The information you see in the Caribbean Marriage Index will depend upon the date of the record and the place it is from. Generally speaking, the more modern records have more detail than the very earliest ones from the 16th and 17th centuries. As a minimum, you should see the following information:

• First name(s)

• Last name

• Marriage date

• Spouse’s first name(s)

• Spouse’s last name(s)

• Marriage place

This record set is an index only, without images of the original documents. It was created many years ago by volunteers using handwritten and sometimes hard-to-read microfilms of the originals, and is known to contain some errors.

Discover more about these records

This Caribbean collection contains a miscellany of marriage records from multiple sources for some of the islands in the West Indies. There are over 113,000 records from Barbados, 49,000 from the Dominican Republic and small quantities from such countries as Cuba, Haiti, Jamaica and Puerto Rico.

Note that some administrative terms may have different meanings in different contexts.
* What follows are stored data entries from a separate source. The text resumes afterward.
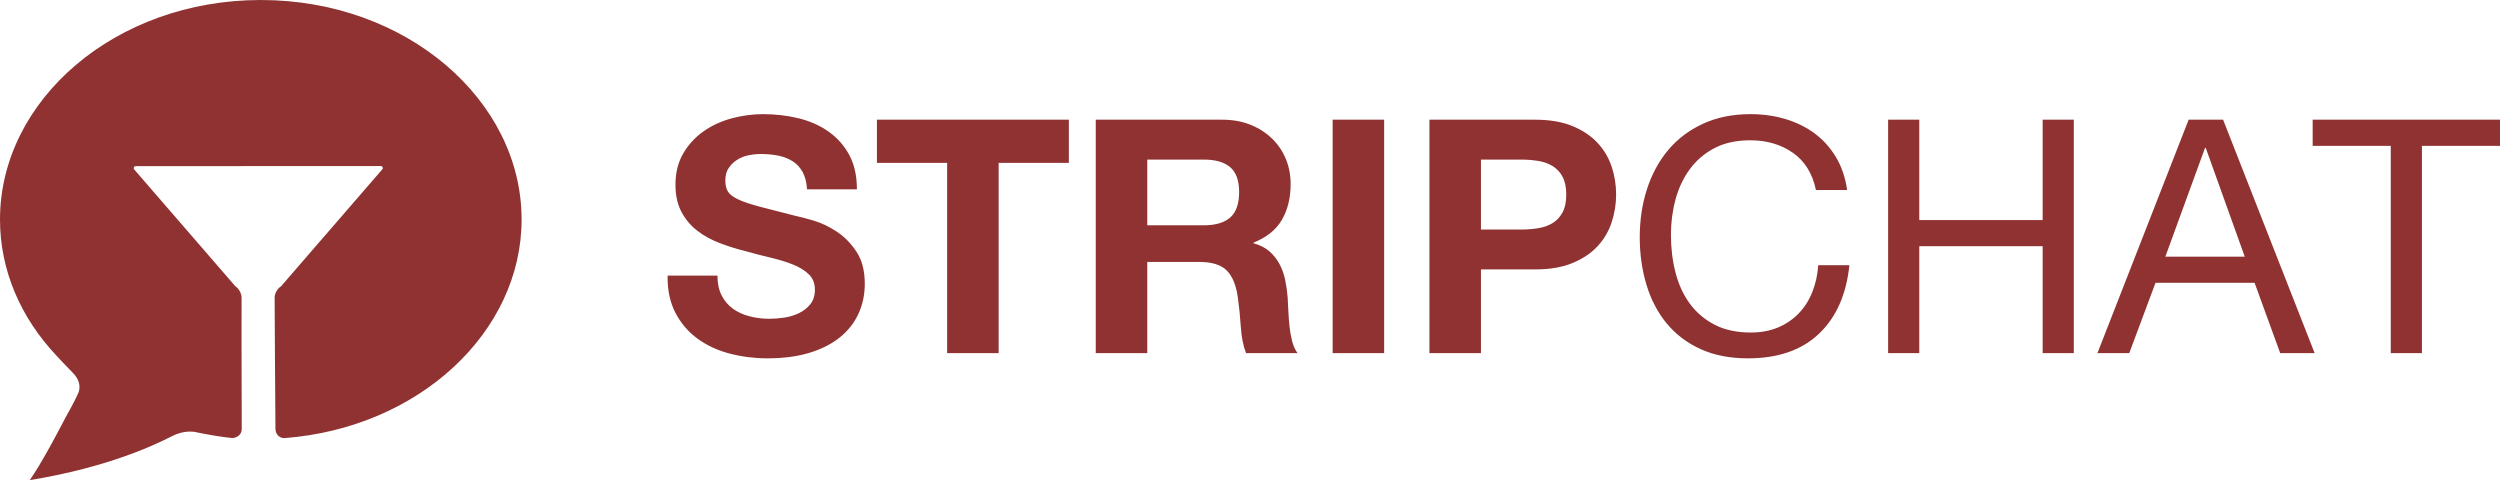 <?xml version="1.0" encoding="UTF-8"?>
<svg version="1.1" viewBox="100 83 999.42 191.93" xmlns="http://www.w3.org/2000/svg">
<g fill="none" fill-rule="evenodd">
<rect width="1200" height="357"/>
<path d="m386.82 193.19h-19.937c-0.087 5.75 0.962 10.716 3.148 14.898s5.137 7.623 8.854 10.324c3.716 2.701 8.001 4.683 12.854 5.946 4.853 1.264 9.859 1.895 15.018 1.895 6.383 0 12.001-0.74 16.854-2.221 4.853-1.482 8.919-3.551 12.198-6.208s5.749-5.816 7.411-9.475c1.661-3.659 2.492-7.623 2.492-11.892 0-5.228-1.115-9.519-3.345-12.873s-4.875-6.033-7.935-8.037c-3.061-2.004-6.143-3.463-9.247-4.378s-5.531-1.547-7.28-1.895c-5.858-1.481-10.602-2.701-14.231-3.659-3.629-0.959-6.47-1.917-8.525-2.875-2.055-0.959-3.432-2.004-4.132-3.137-0.699-1.133-1.049-2.614-1.049-4.443 0-2.004 0.437-3.66 1.311-4.966 0.875-1.307 1.99-2.396 3.345-3.268 1.355-0.871 2.864-1.481 4.525-1.829 1.662-0.349 3.323-0.523 4.984-0.523 2.536 0 4.875 0.218 7.018 0.654 2.142 0.435 4.044 1.176 5.705 2.221 1.662 1.046 2.995 2.483 4.001 4.313 1.005 1.829 1.595 4.138 1.77 6.926h19.937c0-5.401-1.027-9.997-3.082-13.787s-4.831-6.905-8.329-9.344-7.498-4.204-12.002-5.293c-4.503-1.089-9.203-1.634-14.099-1.634-4.198 0-8.395 0.566-12.592 1.699-4.197 1.133-7.957 2.875-11.28 5.228s-6.012 5.293-8.066 8.821c-2.055 3.529-3.083 7.689-3.083 12.481 0 4.269 0.809 7.906 2.427 10.912 1.617 3.006 3.738 5.511 6.361 7.514 2.623 2.004 5.596 3.638 8.919 4.901 3.323 1.264 6.733 2.331 10.231 3.202 3.41 0.958 6.776 1.83 10.099 2.614s6.296 1.699 8.919 2.744c2.624 1.046 4.744 2.353 6.362 3.921 1.617 1.568 2.426 3.615 2.426 6.142 0 2.352-0.612 4.291-1.836 5.816-1.224 1.524-2.754 2.722-4.591 3.593-1.836 0.872-3.803 1.46-5.902 1.765s-4.066 0.457-5.902 0.457c-2.711 0-5.334-0.327-7.87-0.98s-4.744-1.655-6.624-3.006c-1.88-1.35-3.388-3.114-4.525-5.293-1.137-2.178-1.705-4.835-1.705-7.971zm91.814-45.087v76.059h20.592v-76.059h28.069v-17.251h-76.73v17.251h28.069zm80.009 24.961v-26.268h22.56c4.721 0 8.263 1.023 10.624 3.071 2.361 2.047 3.541 5.336 3.541 9.867 0 4.704-1.18 8.102-3.541 10.193s-5.903 3.137-10.624 3.137h-22.56zm-20.593-42.212v93.31h20.593v-36.461h20.592c5.159 0 8.875 1.132 11.149 3.398 2.273 2.265 3.76 5.837 4.459 10.716 0.525 3.746 0.919 7.667 1.181 11.762 0.262 4.094 0.962 7.623 2.098 10.585h20.593c-0.962-1.307-1.683-2.897-2.164-4.77s-0.831-3.855-1.05-5.946c-0.218-2.091-0.371-4.138-0.459-6.142-0.087-2.004-0.174-3.747-0.262-5.228-0.175-2.352-0.503-4.705-0.984-7.057s-1.246-4.509-2.295-6.469-2.405-3.659-4.066-5.097c-1.661-1.437-3.76-2.504-6.296-3.201v-0.262c5.247-2.091 9.029-5.14 11.346-9.148s3.476-8.756 3.476-14.245c0-3.572-0.634-6.904-1.902-9.997s-3.104-5.816-5.509-8.168-5.29-4.204-8.657-5.554c-3.366-1.35-7.148-2.026-11.345-2.026h-50.498zm94.699 0v93.31h20.593v-93.31h-20.593zm59.286 43.911v-27.967h16.001c2.361 0 4.635 0.174 6.821 0.523 2.186 0.348 4.11 1.023 5.771 2.025s2.995 2.418 4.001 4.247c1.005 1.83 1.508 4.226 1.508 7.188s-0.503 5.358-1.508 7.188c-1.006 1.83-2.34 3.245-4.001 4.247s-3.585 1.677-5.771 2.026c-2.186 0.348-4.46 0.523-6.821 0.523h-16.001zm-20.593-43.911v93.31h20.593v-33.456h21.642c5.858 0 10.842-0.849 14.952-2.548s7.454-3.942 10.034-6.73c2.579-2.788 4.459-5.99 5.64-9.606 1.18-3.615 1.771-7.296 1.771-11.043 0-3.833-0.591-7.536-1.771-11.108-1.181-3.572-3.061-6.752-5.64-9.54-2.58-2.788-5.924-5.031-10.034-6.73-4.11-1.699-9.094-2.548-14.952-2.548h-42.235zm154.51 28.098h12.461c-0.7-4.966-2.186-9.344-4.46-13.134-2.273-3.79-5.115-6.949-8.525-9.475s-7.302-4.443-11.674-5.75-9.006-1.96-13.903-1.96c-7.17 0-13.531 1.285-19.084 3.855s-10.187 6.077-13.903 10.52c-3.717 4.443-6.536 9.649-8.46 15.617s-2.886 12.35-2.886 19.146c0 6.795 0.896 13.155 2.689 19.08 1.793 5.924 4.481 11.065 8.067 15.421 3.585 4.356 8.088 7.776 13.509 10.259 5.422 2.483 11.761 3.724 19.019 3.724 11.979 0 21.423-3.267 28.331-9.801 6.908-6.535 10.974-15.683 12.198-27.444h-12.46c-0.263 3.833-1.05 7.405-2.361 10.716-1.312 3.311-3.126 6.164-5.444 8.56-2.317 2.396-5.071 4.269-8.263 5.619-3.191 1.351-6.842 2.026-10.952 2.026-5.596 0-10.405-1.045-14.428-3.136-4.022-2.091-7.323-4.901-9.903-8.43-2.579-3.528-4.481-7.667-5.705-12.415s-1.836-9.78-1.836-15.094c0-4.879 0.612-9.584 1.836-14.114 1.224-4.531 3.126-8.56 5.705-12.089 2.58-3.529 5.859-6.338 9.838-8.429 3.978-2.091 8.766-3.137 14.362-3.137 6.558 0 12.22 1.655 16.985 4.966 4.766 3.311 7.848 8.277 9.247 14.899zm28.856-28.098v93.31h12.461v-42.734h49.317v42.734h12.46v-93.31h-12.46v40.121h-49.317v-40.121h-12.461zm110.83 54.758 15.871-43.519h0.262l15.609 43.519h-31.742zm9.313-54.758-36.463 93.31h12.722l10.493-28.097h39.611l10.231 28.097h13.772l-36.594-93.31h-13.772zm80.796 10.455v82.855h12.46v-82.855h31.217v-10.455h-74.894v10.455h31.217z" fill="#903232"/>
<path d="m180.55 256.21s-1.236-0.226-1.462-0.287c-3.617-0.975-7.363-0.014-10.044 1.303-2.613 1.285-1.503 0.751-1.503 0.751-4.36 2.178-8.979 4.188-13.827 6.03-13.173 5.006-27.431 8.582-41.784 10.921 1.272-1.914 2.444-3.748 3.509-5.499 2.874-4.726 6.558-11.462 10.857-19.703 0 0 3.546-6.241 4.959-9.506 1.402-3.239-0.217-6.295-2.233-8.271-2.016-1.975-6.112-6.412-6.112-6.412-14.827-15.557-22.914-34.7-22.914-54.788 0-47.698 46.041-87.747 104.26-87.747 58.214 0 104.26 40.049 104.26 87.747 0 45.089-41.142 83.342-94.817 87.393-1.183 0.089-3.563-0.833-3.59-3.745-0.159-17.5-0.321-52.436-0.321-52.436 0-1.641 1.133-3.644 2.529-4.474l40.507-46.788c0.449-0.518 0.08-1.324-0.605-1.323l-97.964 0.048c-0.685 0-1.053 0.806-0.604 1.324l40.417 46.68c1.383 0.863 2.504 2.896 2.504 4.533 0 0-0.048 35.04 0.066 52.559 0.017 2.682-2.66 3.708-3.969 3.574-4.093-0.419-8.056-1.087-12.112-1.884z" fill="#903232"/>
</g>
<style>.ae463db9356bea16f7b594a32e4edbdd{height:80px}</style>
</svg>

For example, in Jamaica a parish is a unit of local government – in other words, it has a civil rather than ecclesiastical meaning (even though some of the parishes are named after Anglican churches). This also means that, in this sense, a parish in Jamaican contains within it many ecclesiastical parishes. Similarly, in Barbados, all the parishes, which are named after the mother churches of the main ecclesiastical churches, serve local government functions. As with Jamaica, a Barbadian parish may cover several Anglican ecclesiastical parishes. On both islands, therefore, the meaning of “parish” is different to that in, for example, Britain or North America.